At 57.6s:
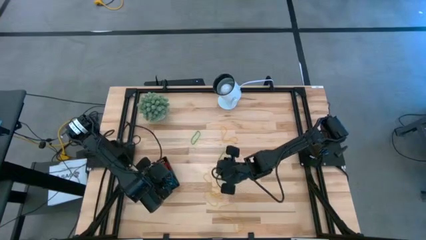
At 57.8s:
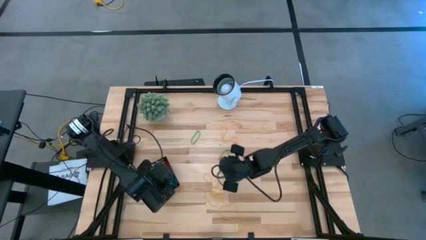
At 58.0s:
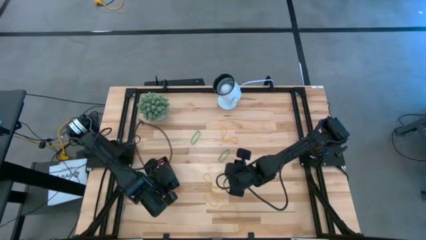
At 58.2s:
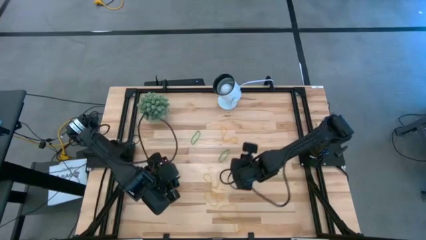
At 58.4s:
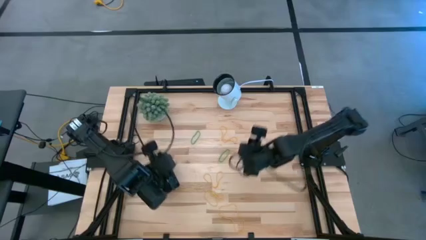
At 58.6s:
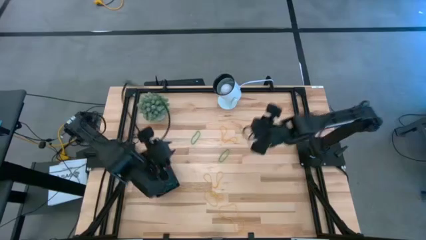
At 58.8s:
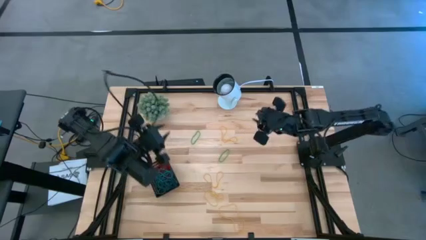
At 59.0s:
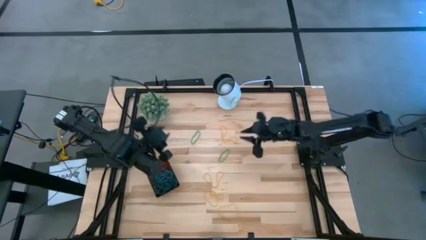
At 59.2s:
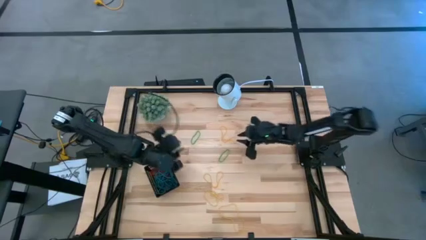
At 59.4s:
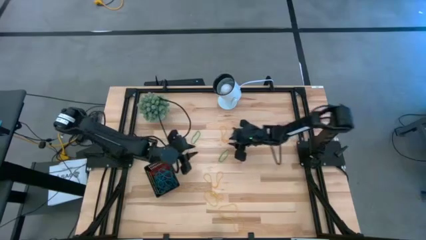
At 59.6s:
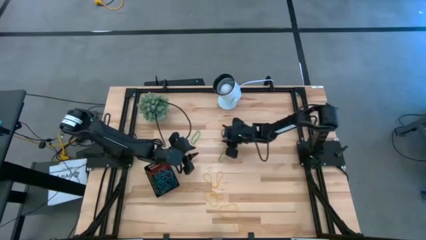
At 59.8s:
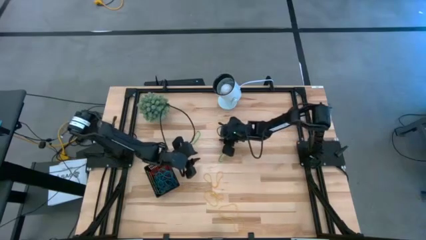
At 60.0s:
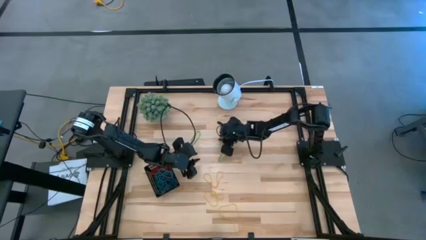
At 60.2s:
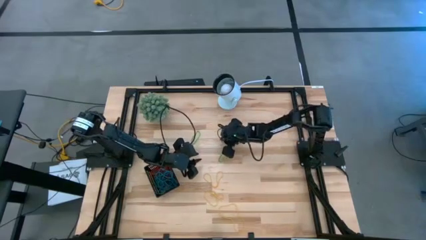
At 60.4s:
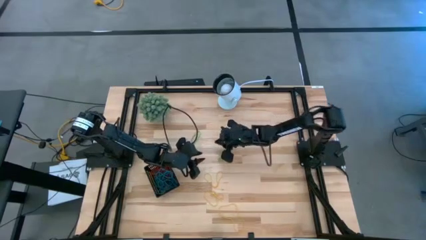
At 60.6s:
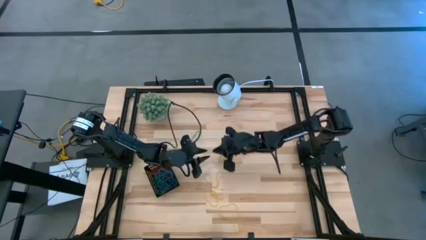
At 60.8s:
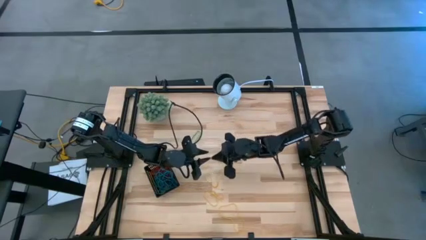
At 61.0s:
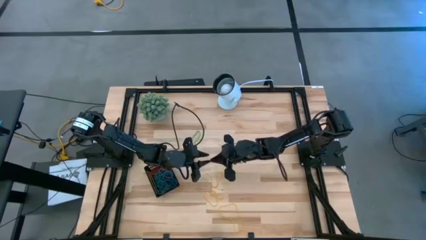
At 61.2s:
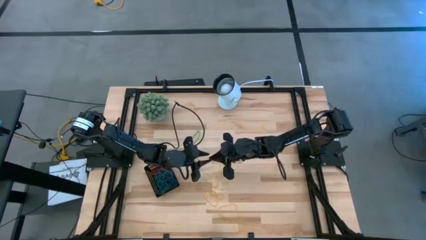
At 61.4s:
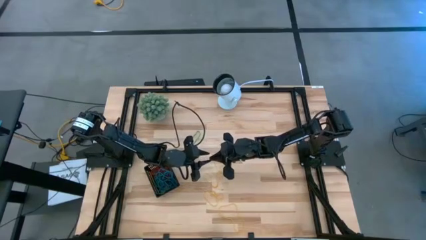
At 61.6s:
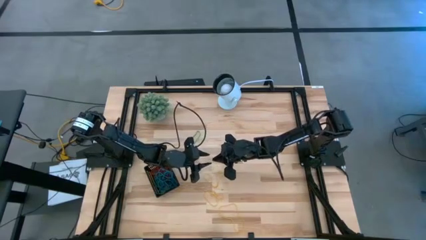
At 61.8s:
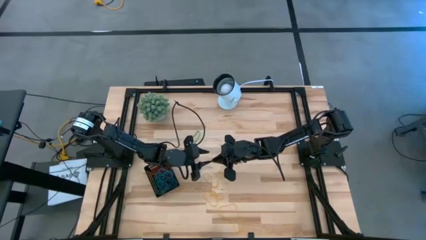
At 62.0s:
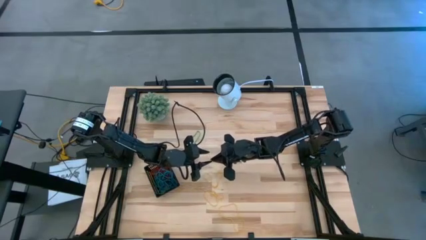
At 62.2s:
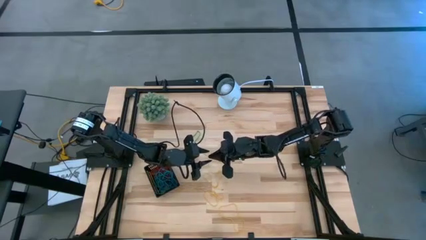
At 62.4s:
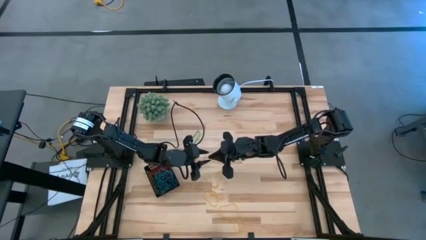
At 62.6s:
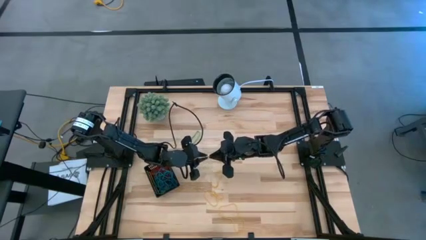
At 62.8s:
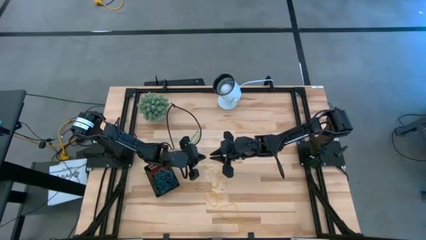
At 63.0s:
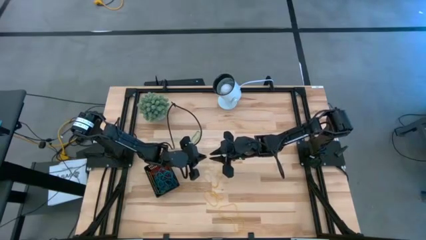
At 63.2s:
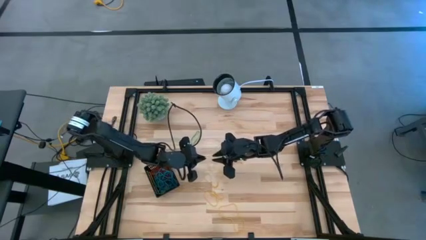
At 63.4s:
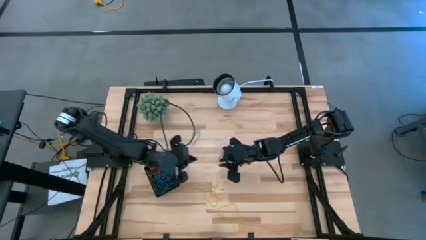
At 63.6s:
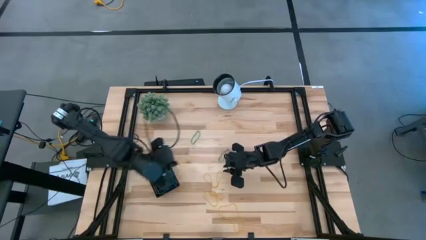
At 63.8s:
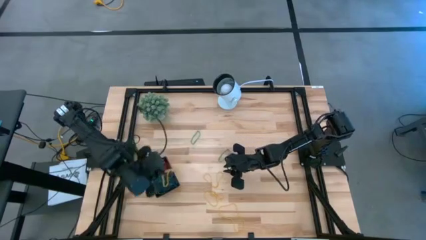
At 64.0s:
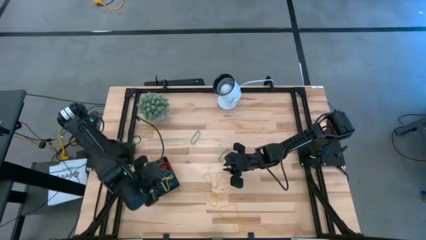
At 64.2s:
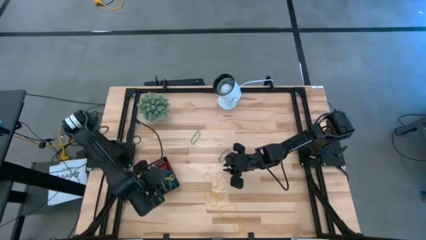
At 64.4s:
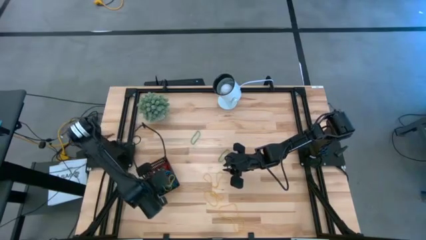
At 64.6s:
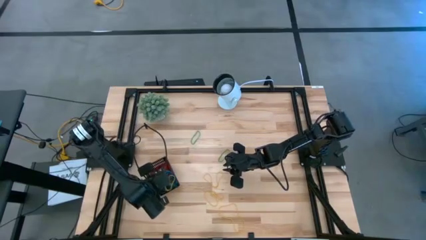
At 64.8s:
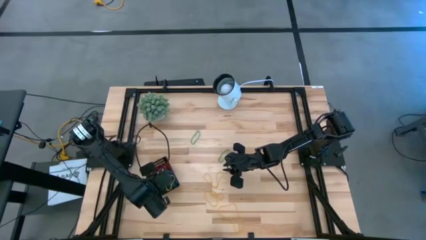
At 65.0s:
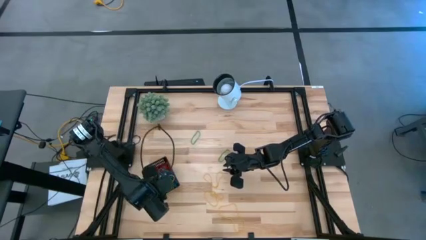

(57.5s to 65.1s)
Task: Pick and place items into bin
Put the yellow rubber band into the black bin

==========

• WORK REQUEST:
Output the records above exactly, omitting the pictures.

• ANSWER SECTION:
At 57.6s:
At 57.8s:
At 58.0s:
At 58.2s:
At 58.4s:
At 58.6s:
At 58.8s:
At 59.0s:
At 59.2s:
At 59.4s:
At 59.6s:
At 59.8s:
At 60.0s:
At 60.2s:
At 60.4s:
At 60.6s:
At 60.8s:
At 61.0s:
At 61.2s:
At 61.4s:
At 61.6s:
At 61.8s:
At 62.0s:
At 62.2s:
At 62.4s:
At 62.6s:
At 62.8s:
At 63.0s:
At 63.2s:
At 63.4s:
At 63.6s:
At 63.8s:
At 64.0s:
At 64.2s:
At 64.4s:
At 64.6s:
At 64.8s:
At 65.0s:

(57.5s to 65.1s)
Task: Pick and place items into bin
Put the yellow rubber band into the black bin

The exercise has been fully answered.